Je voulais dire des contrats de misère à durée déterminée, bien sûr.
Ça commence déjà à déraper à 11’50 : “C’est pas parce qu’on se bat pour
l’émancipation socio-économique qu’y faut laisser de côté l’émancipation
juridique et politique ; c’est pas parce qu’on se bat pour la
République sociale qu’y faut pas se battre pour la République laïque. Or
Marianne, l’allégorie de la République, ne porte pas le VOILE DE LA
SOUMISSION (c’est moi qui souligne) ; elle porte le bonnet phrygien de
l’émancipation ; le bonnet phrygien des esclaves affranchis”. On l’a pas
vue venir, celle-là, mais voilà. Il nous a bien eu, hein ? Voilà donc
comment le citoyen Peña-Ruiz, après s’être intéressé à l’émancipation
politique, s’est ensuite intéressé de très près à l’émancipation
intellectuelle et culturelle, laquelle va très vite se muer en
“émancipation laïque”… et s’y résumer tout entière, tant qu’à faire.
Comprenez bien le “message” : les femmes qui portent un voile (un hijab)

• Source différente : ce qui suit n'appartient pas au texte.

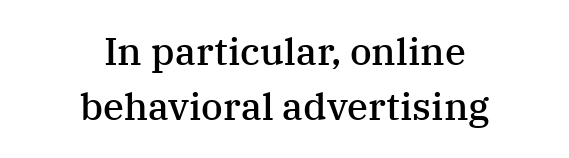
Q: Is the text bold? A: Semi-bold.
Q: Is the text italic (slanted)? A: No, it is upright.
Q: Is the typeface a serif or a sans-serif typeface? A: Serif.
Q: Is the text underlined? A: No.
Q: How is the paragraph aligned? A: Centered.
Q: Is the spacing between letters normal or unusually wide? A: Normal.
Q: Is the spacing between lines tight, normal or loose? A: Normal.
Q: Width (condensed, normal, or wide)? A: Normal.
Q: Stroke contrast? A: Medium.
Q: x-height? A: Medium.
Q: Monospaced? A: No.
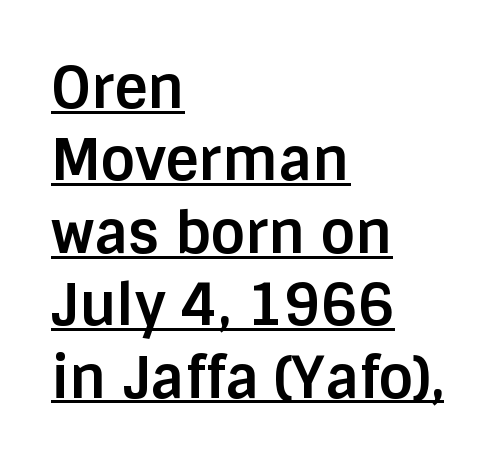
{"serif": "no", "italic": "no", "bold": "yes", "weight": "bold", "width": "normal", "stroke_contrast": "low", "x_height": "large", "monospaced": "no", "underline": "yes", "align": "left", "line_spacing": "normal", "line_spacing_ratio": 1.27, "letter_spacing": "normal", "letter_spacing_em": 0.0, "glyph_px": 57}
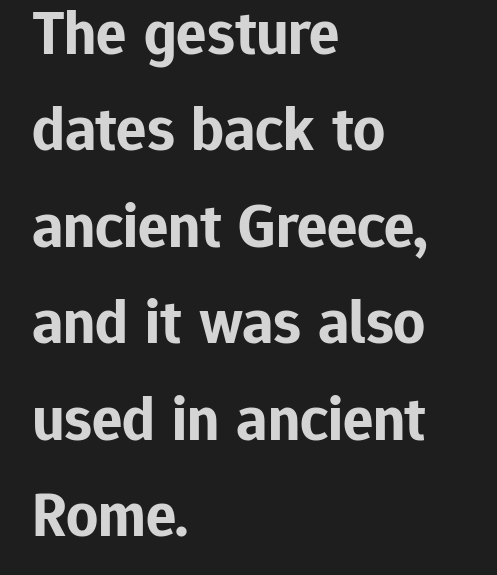
The letters advance in unequal steps, a hallmark of proportional type. Clear beneath every line of the passage. These lines keep a tight, regular rhythm from letter to letter. In CSS terms this would be text-align: left.
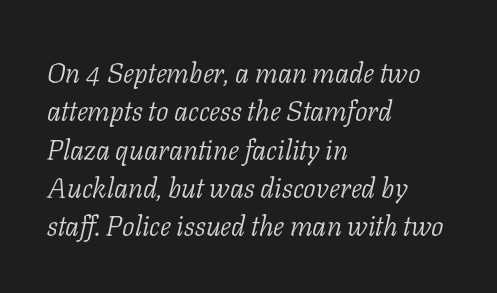
This sample uses a serif face. Here the designer chose a conventional face with non-uniform glyph widths. Descender tails drop into unmarked territory. There is no visible air inserted between adjacent glyphs. Compared with a typical body face, this is equally light or lighter still.
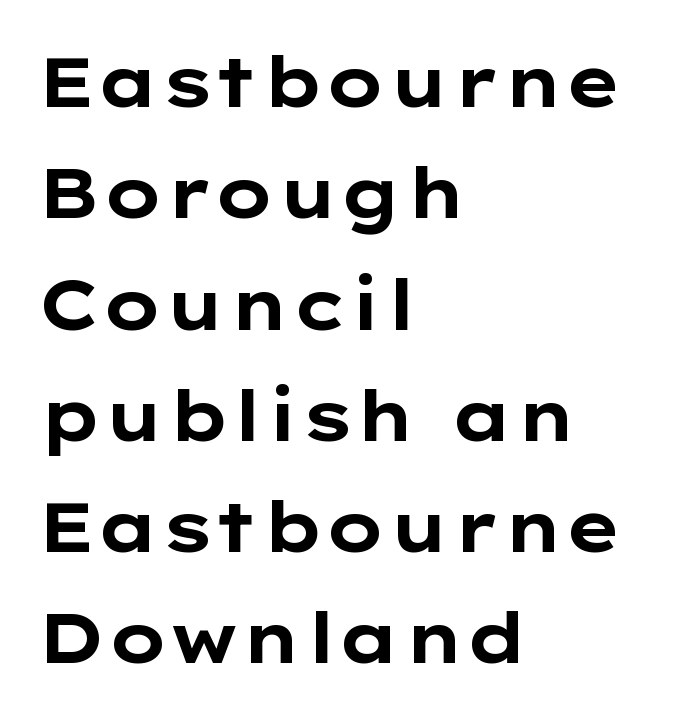
The image shows 70 px bold, wide sans-serif type, upright; set left-aligned, normal line spacing (1.59x), normal letter spacing, not underlined; low stroke contrast and a medium x-height.
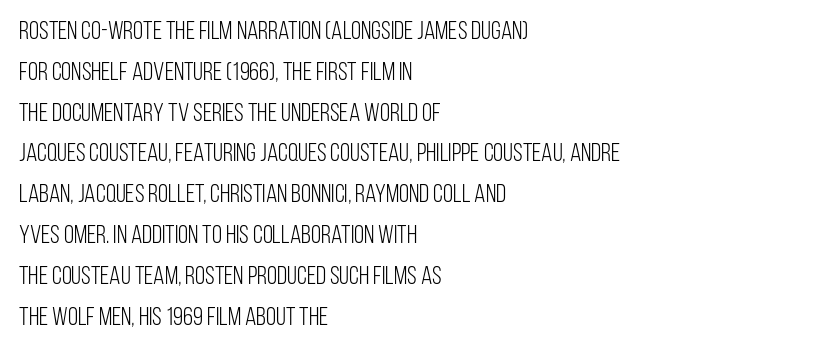
The image shows 26 px text type, upright; set left-aligned, normal line spacing (1.57x), normal letter spacing, not underlined.
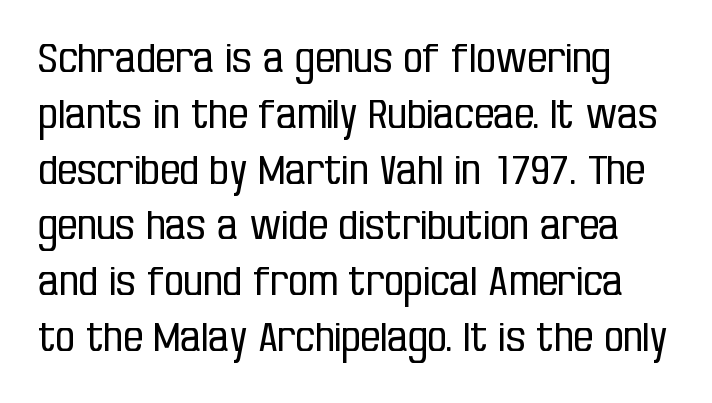
{"serif": "no", "italic": "no", "bold": "no", "weight": "regular", "width": "condensed", "stroke_contrast": "low", "x_height": "large", "monospaced": "no", "underline": "no", "line_spacing": "normal", "line_spacing_ratio": 1.43, "letter_spacing": "normal", "letter_spacing_em": 0.0, "glyph_px": 39}
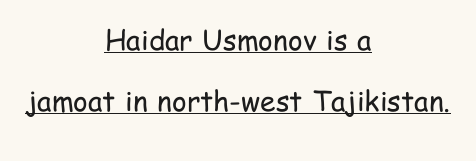
Compared with a flush-left layout, this one balances lines on the center instead. No feet cap the strokes, marking this as sans-serif type. The typesetter has applied underlining to the passage shown. No extra tracking has been applied to these lines. Each letter keeps its own natural width here, so spacing adapts to shape.
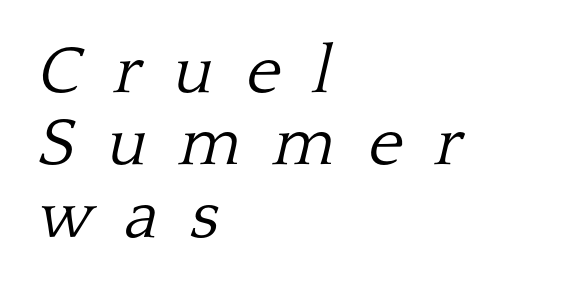
{"serif": "yes", "italic": "yes", "lean": "right", "slant_degrees": 13, "bold": "no", "weight": "light", "width": "normal", "stroke_contrast": "low", "x_height": "medium", "monospaced": "no", "underline": "no", "align": "left", "line_spacing": "tight", "line_spacing_ratio": 1.08, "letter_spacing": "wide", "letter_spacing_em": 0.48, "glyph_px": 67}
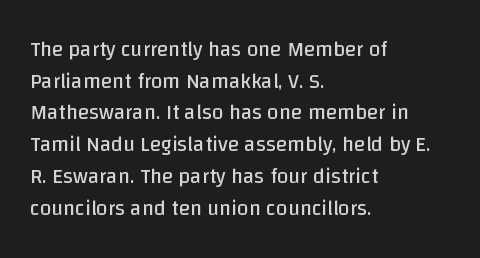
Q: Is the text bold? A: No.
Q: Is the text italic (slanted)? A: No, it is upright.
Q: Is the text underlined? A: No.
Q: How is the paragraph aligned? A: Left-aligned.
Q: Is the spacing between letters normal or unusually wide? A: Normal.
Q: Is the spacing between lines tight, normal or loose? A: Normal.
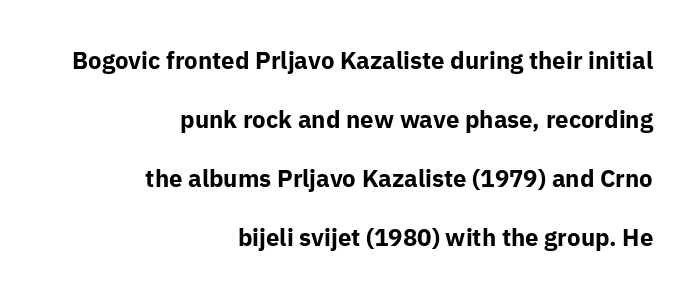
A bare baseline throughout the passage. Glyph-to-glyph distance matches everyday printed text. Nope, not italic — everything's standing straight. Interline gaps are noticeably wide in this sample. Thick stems and heavy bowls — unmistakably bold. Line endings align vertically; line beginnings do not.
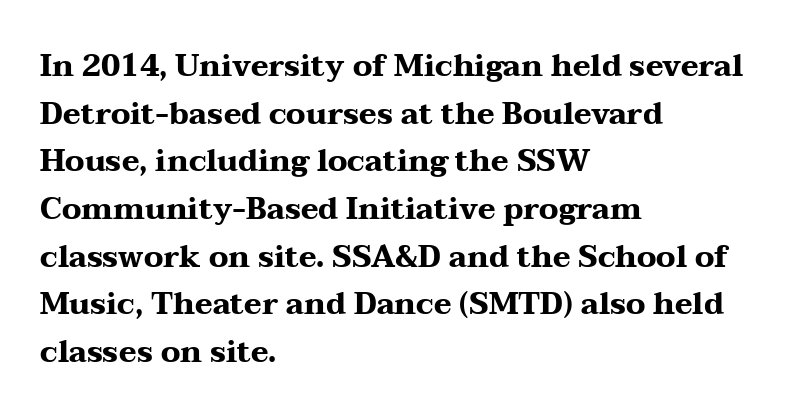
Q: Is the text bold? A: Yes.
Q: Is the text italic (slanted)? A: No, it is upright.
Q: Is the typeface a serif or a sans-serif typeface? A: Serif.
Q: Is the text underlined? A: No.
Q: How is the paragraph aligned? A: Left-aligned.
Q: Is the spacing between letters normal or unusually wide? A: Normal.
Q: Is the spacing between lines tight, normal or loose? A: Normal.
Q: Width (condensed, normal, or wide)? A: Wide.
Q: Stroke contrast? A: Medium.
Q: x-height? A: Medium.
Q: Monospaced? A: No.
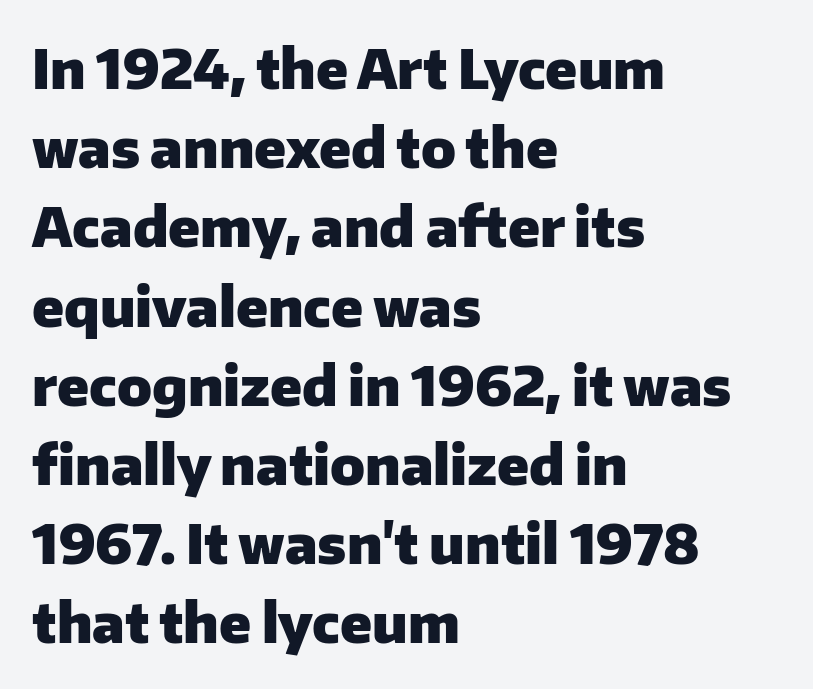
Q: Is the text bold? A: Yes.
Q: Is the text italic (slanted)? A: No, it is upright.
Q: Is the typeface a serif or a sans-serif typeface? A: Sans-serif.
Q: Is the text underlined? A: No.
Q: How is the paragraph aligned? A: Left-aligned.
Q: Is the spacing between letters normal or unusually wide? A: Normal.
Q: Is the spacing between lines tight, normal or loose? A: Normal.
Q: Width (condensed, normal, or wide)? A: Normal.
Q: Stroke contrast? A: Low.
Q: x-height? A: Medium.
Q: Monospaced? A: No.
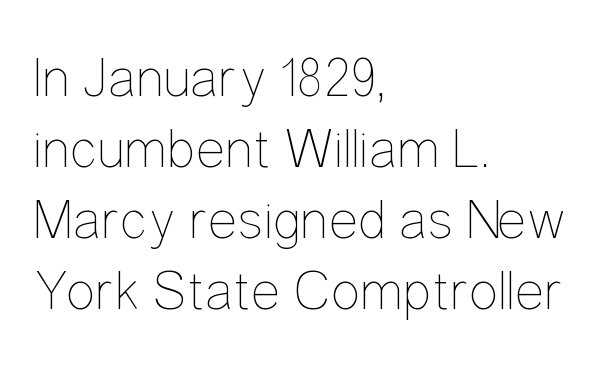
Q: Is the text bold? A: No.
Q: Is the text italic (slanted)? A: No, it is upright.
Q: Is the text underlined? A: No.
Q: How is the paragraph aligned? A: Left-aligned.
Q: Is the spacing between letters normal or unusually wide? A: Normal.
Q: Is the spacing between lines tight, normal or loose? A: Normal.
Q: Width (condensed, normal, or wide)? A: Condensed.
Q: Stroke contrast? A: Low.
Q: x-height? A: Medium.
Q: Monospaced? A: No.
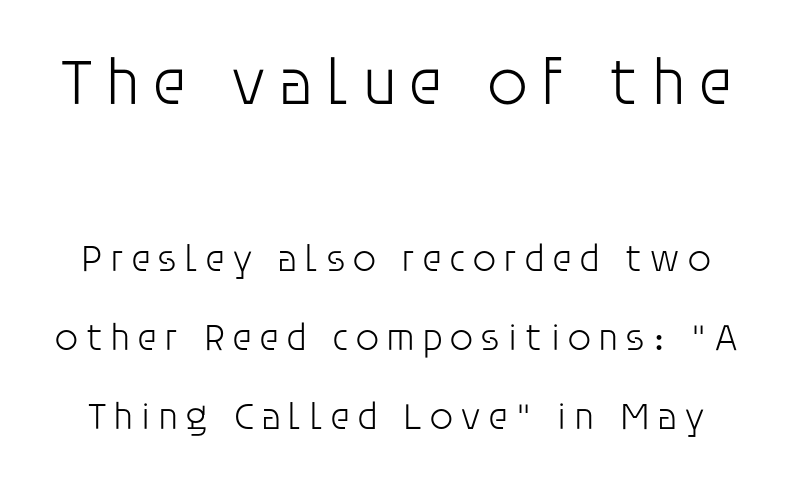
{"serif": "no", "italic": "no", "bold": "no", "weight": "light", "width": "normal", "stroke_contrast": "low", "x_height": "large", "monospaced": "no", "underline": "no", "line_spacing": "loose", "line_spacing_ratio": 2.07, "larger_block": "first", "size_ratio": 1.74, "glyph_px": 66}
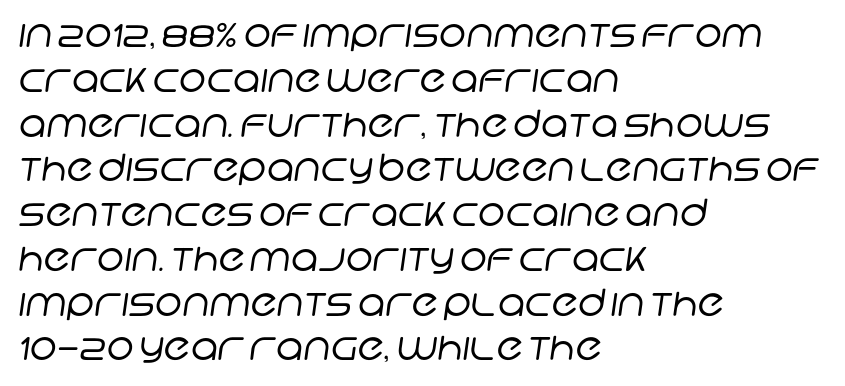
Is this a fixed-width face? No — the glyphs have proportional, varying widths. The paragraph has a hard left edge and a soft right edge. Is the letter spacing exaggerated? No — it looks like the ordinary default. Weight: not bold — regular or lighter. The designer went with a sans here, leaving each stem footless.
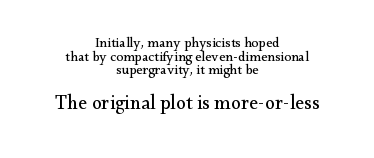
{"italic": "no", "bold": "no", "underline": "no", "align": "center", "line_spacing": "tight", "line_spacing_ratio": 0.97, "letter_spacing": "normal", "letter_spacing_em": 0.0, "larger_block": "second", "size_ratio": 1.43, "glyph_px": 20}

n’ont rien compris à la République, et elles se comportent comme des
esclaves. Raccourci ébouriffant, tout en finesse. Quant aux religieuses
catholiques qui portent elles aussi un voile (chrétien), on évitera bien
sûr d’en parler. No problemo.
Mais le clou, c’est à 28’02.
Le citoyen Peña-Ruiz se pose une question pour le
moins étrange : “Quel est le droit d’un chômeur de refuser de signer un
contrat de travail qui le fait sortir de la précarité ?”. Autrement dit,
notre professeur se demande pourquoi diable un chômeur ne pourrait pas
refuser un travail qui lui permet de sortir de la précarité. Il fallait y
penser. C’est vrai, y sont vraiment bourrins ces chômeurs : quand ils
trouvent enfin, après des mois ou des années de recherches
infructueuses, et alors qu’ils sont au seuil de la misère, en fin de
droits ou déjà au RSA, quand ils trouvent enfin un travail qui leur
permet de sortir de la précarité, ils ne songent même pas à se poser
cette question évidente : “Mais au fait, pourquoi je ne pourrais pas
refuser ?”. Cela prouve bien, voyez-vous, que ces chômeurs ne sont pas
suffisamment émancipés. Mais qu’ils s’émancipent donc un peu, boudiou !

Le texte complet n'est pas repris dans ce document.